Says Aor, “The Oeuvre is not the discovery of a technique, it is nothing of the sort, it is the perception of an existing process. It is the perception that is the object of study and prayer. That is the theoretical part, and after that comes the practice, the proper gesture in matter and time. The perception of a process, the vision of an evolution, that is the first aim of the scientist. Prima materia into Materia prima is a constant process of nature, it is mindless, and therefore beyond the cerebral cortex. That is really the only difficulty. There is no use addressing the analytic mind with Hermetic language; it can do very little with it. Therefore the language of the birds, not spoken, only heard” (p60).
September 8th, 2007
Says Aor, “It is interesting to study the senses from the point of view of form-perception, to become aware of their functions as formative instruments. Realize how prejudiced we have become in favor of sight, because it seems to give us the volume so immediately and, we think, so surely, so certainly. But that isn’t even the eye’s primary function; this perception of volume is entirely secondary, it is color that is the primary sight-form… In the same way, volume is secondary form for the hearing function; it is sound that is primary. But volume is the material presence and all the senses partake of it… The immediacy of [sight] is what attracts us, but it is a solution of facility, and without perceptual education, it results in a universe of objects, of things. Actually, for the proportional perception that gives us so many profound hints as to the cosmic constitution, the ear is a far better tool. The laws are harmony are just that, perception of ratios and proportionality, and here the sound-form without equal… That trinity of lower senses can in fact be summed up under the sense of touch, as both smell and taste are a matter of contact… And touch… has contact with volume only.” (p106-7).

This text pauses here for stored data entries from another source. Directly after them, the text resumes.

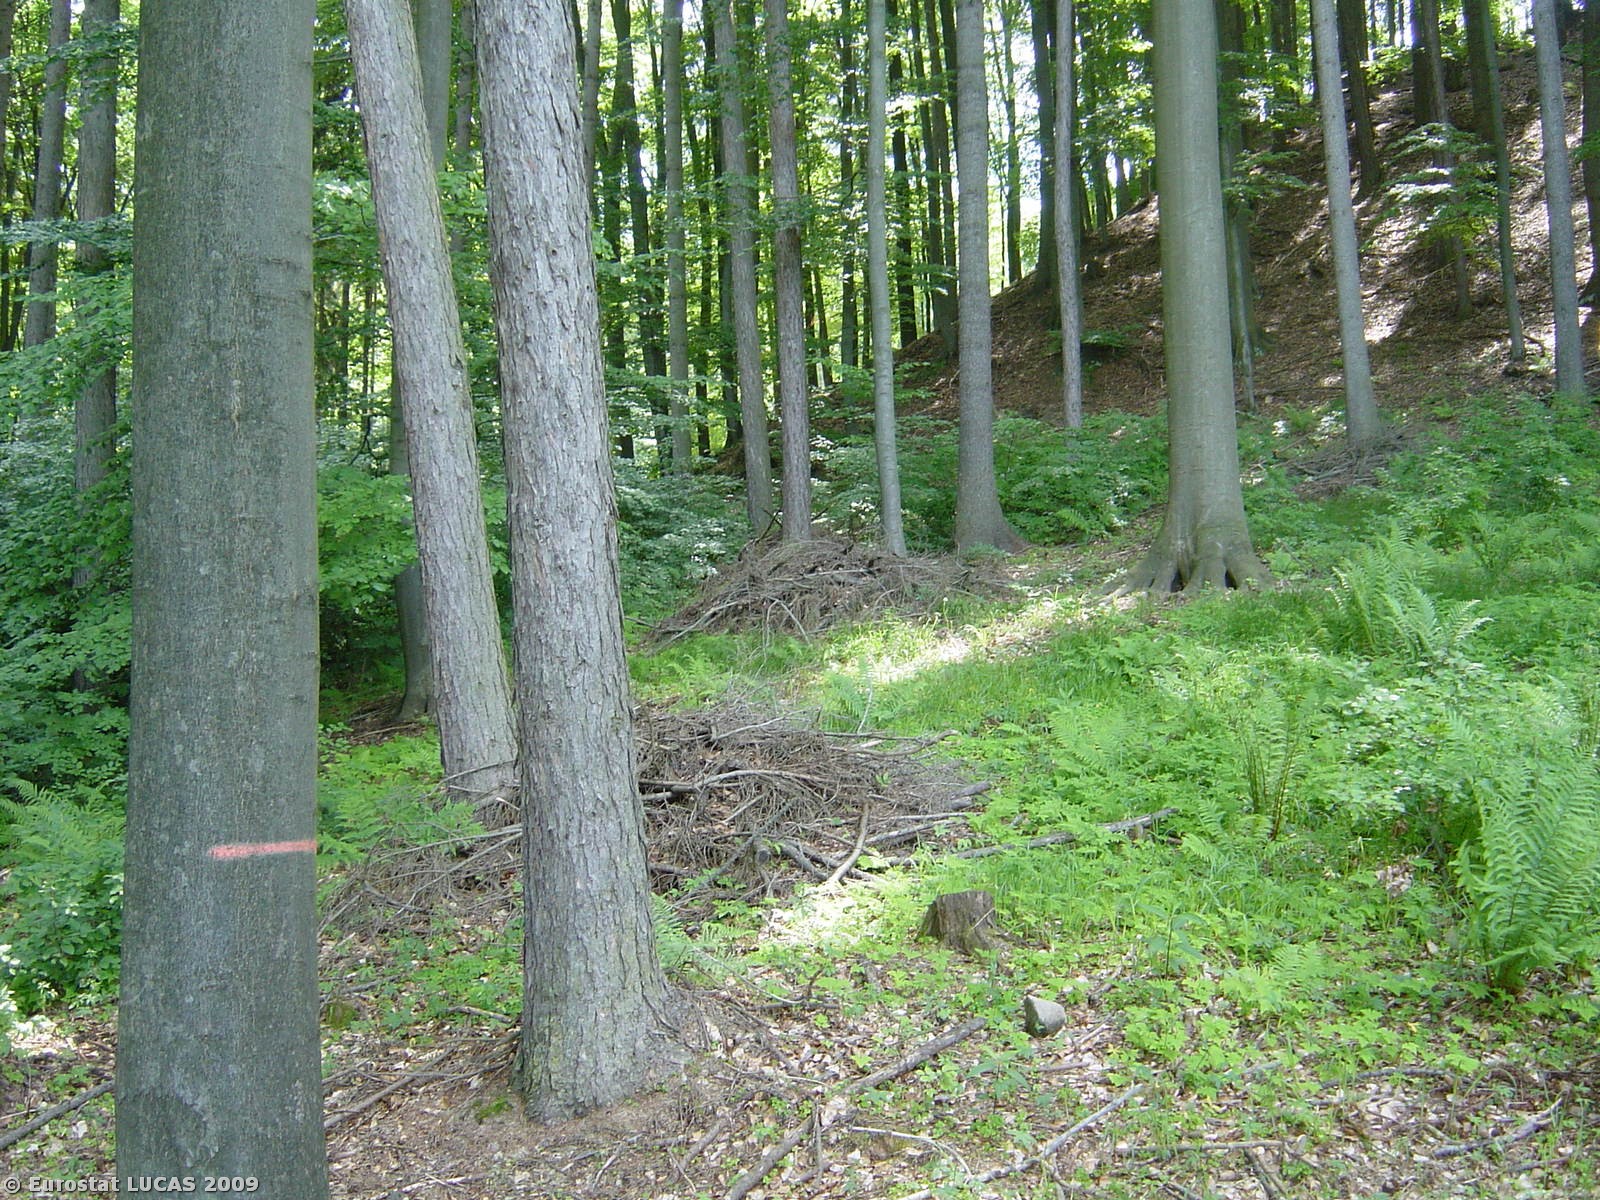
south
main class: Woodland
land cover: Mixed woodland
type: hemiboreal forest and nemoral coniferous forest and mixed broadleaved-coniferous forest
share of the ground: 50 - 75 %
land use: Forestry
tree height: > 5 m
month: May
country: CZ
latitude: 49.1060
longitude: 17.2290

“You can say that the universe of form, pervaded by affinity, spans between number and volume. Volume and number are the forms of origin, whereas color and sound are later forms of more advanced evolution. Number exists inside and out of the least mineral structure as surely as does volume. Polarity is already number, in the same way that space is already volume” (p107-8).
“Attention, cher ami, if you really want a beginning, you have to find a totality, a oneness, and where experience is concerned, that oneness must be achieved in the perception of the experience. You can fragment it through an analytic view, which is what we have trained our cerebral cortex to do, or you can identify with the formal and functional essence of the experience and intuitively place it in its cosmic context. That takes a reeducation of the senses for modern man… Without adequate perception, you will encounter a world of objects to register into your brain matter, but you will only rarely be inscribing experience into salt” (p177-8).